A communication sent out by Ramsey County Sheriff Matt Bostrom to other law enforcement agencies dated August 1, 2011 states that GangNet is to be shut down effective August 15, 2011
GangNet is a database run by the Ramsey County Sheriff's office since 1998. Two years ago there was a story about the database in the Pioneer Press and a report done by the St. Thomas Law School Community Justice Project with the St. Paul NAACP. The report and the news story created for the public a number of questions of how law enforcement collects data on people and the databases that police use to keep track of people. The debate about GangNet and other related issues were front and center in 2010 at the State Legislature.
With the ending of GangNet by the Ramsey County Sheriff a number of questions still need to be answered to the public. These are some of them:
Why did Sheriff Bostrom make this decision?
When he took office in January, 2011, did he have an evaluation, or review of the GangNet program done?
What did the report say? Were there issues and problems? Did he talk with his colleagues in law enforcement and what did they say?

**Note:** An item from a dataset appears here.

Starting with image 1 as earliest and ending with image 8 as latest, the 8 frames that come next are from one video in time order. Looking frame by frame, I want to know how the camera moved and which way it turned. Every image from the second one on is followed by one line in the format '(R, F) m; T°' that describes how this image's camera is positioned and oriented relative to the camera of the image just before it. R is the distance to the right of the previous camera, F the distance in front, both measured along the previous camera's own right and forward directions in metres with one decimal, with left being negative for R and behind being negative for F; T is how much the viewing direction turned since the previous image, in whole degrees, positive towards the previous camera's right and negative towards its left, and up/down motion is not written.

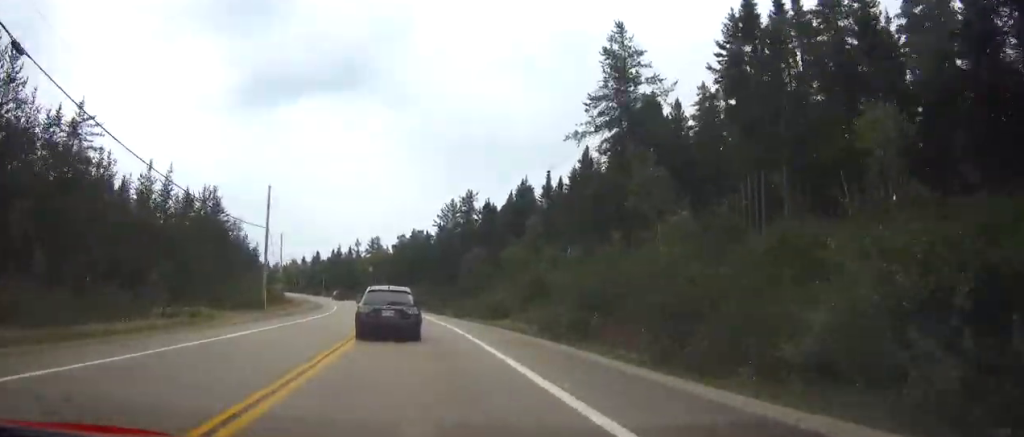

With thousands of people being in GangNet should not the subjects be made aware that they either are or were in the database?
Granted GangNet disappears, Will it not appear in another form? Is there a need to have such types of databases? If so how can law enforcement guarantee accountability and transparency?
The GangNet program is an example of how law enforcement collects names and data on thousands of Minnesotans, some justified, some not, putting them in databases and sharing that information with others within the law enforcement community with the public not even knowing about it. There are many databases within Minnesota law enforcement agencies with individual names in them. These databases have names and data from contact reports to licence plate reader collection.
The broader concern of how law enforcement collects "intelligence" on the public, is the issue that underlies the discussion of GangNet. The Minnesota Legislature in 2010 recognized this by forming a work group to study in essence a tough and expansive question:
How can Minnesota law enforcement collect "intelligence" on citizens to prevent crime and keep people safe, but at the same time have accountability, transparency, and respect Minnesotans privacy and civil liberties?
The group known as the SF 2725 Work Group met last fall. Their proceedings, material collected, and their report is available through the link/BCA website. Bottom line is the work group came to a general agreement on some issues, but on others they did not. "Key" issues such as how accountability and transparency is implemented, what is the trigger/standard that is used to collect "intelligence", among other points, there was no agreement.
So is GangNet really going Bye-Bye? No, it will just rear its head in another form and named something else with less public scrutiny, accountability, and transparency.